And the spirit of the Lord came to Roy, saying
And hold up a mirror
Take a frame from a comic book and elevate it into art
pouring your blood, sweat and talent into it
Show your culture that what they consign as worthless has value
but also that what they claim as worthless actually has a great hold over them, the proliferation of images of women cleaning, warplanes rat-at-at-at-ing, women drowning in romance, actually show their values up. Worthless is commonplace, but commonplace is not worthless. You are to take into yourself the act of devoting all your creative energy to something that is worthless, and saying to your culture: look, you pretend to give value to high art and noble causes, but you spend the majority of your money and time lurching from the military to the romance section of your mind…where your treasure is, there your heart will be.
Now, turn your comic book gaze onto landscapes and seascapes and I will give you hope. because even in those reductive lines, as the curator calls them, you will be able to capture the joy of sunrise.
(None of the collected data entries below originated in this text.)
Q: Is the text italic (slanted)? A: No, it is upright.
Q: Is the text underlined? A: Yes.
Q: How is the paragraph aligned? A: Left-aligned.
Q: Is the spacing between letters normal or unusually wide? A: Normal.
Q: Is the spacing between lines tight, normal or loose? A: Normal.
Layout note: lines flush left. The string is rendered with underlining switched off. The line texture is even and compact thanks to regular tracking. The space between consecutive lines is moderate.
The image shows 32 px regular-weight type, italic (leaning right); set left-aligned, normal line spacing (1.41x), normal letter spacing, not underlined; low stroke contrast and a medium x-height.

Now, turn to the art your culture respects, unlike yours. Enter into the vastnesses of your tradition with your own brushstrokes, your own technique. Render the masters in comic book dots and lines. For there is no difference between high art and low art unless it is in the spirit, for if it is without love then it is as a clanging cymbal, whether it be Matisse or Michelangelo.
Now your culture is not listening, so paint. Paint mirrors. Blank mirrors to ram the point home. Say, I am holding up a mirror to you and see, there is nothing to reflect.
Now paint nudes. Go back to your old comic book clippings, and find those romantic women, drawn in ideal curves. Undress them. Paint them nude and some of them looking out at the male gaze that you are undressing. Now we have arrived at the basics.
You have done well. Now you may paint what you wish. The Chinese masters? Very well, seek your solitude and meaning. I am waiting.
After visiting the Roy Lichtenstein retrospective at Tate Modern.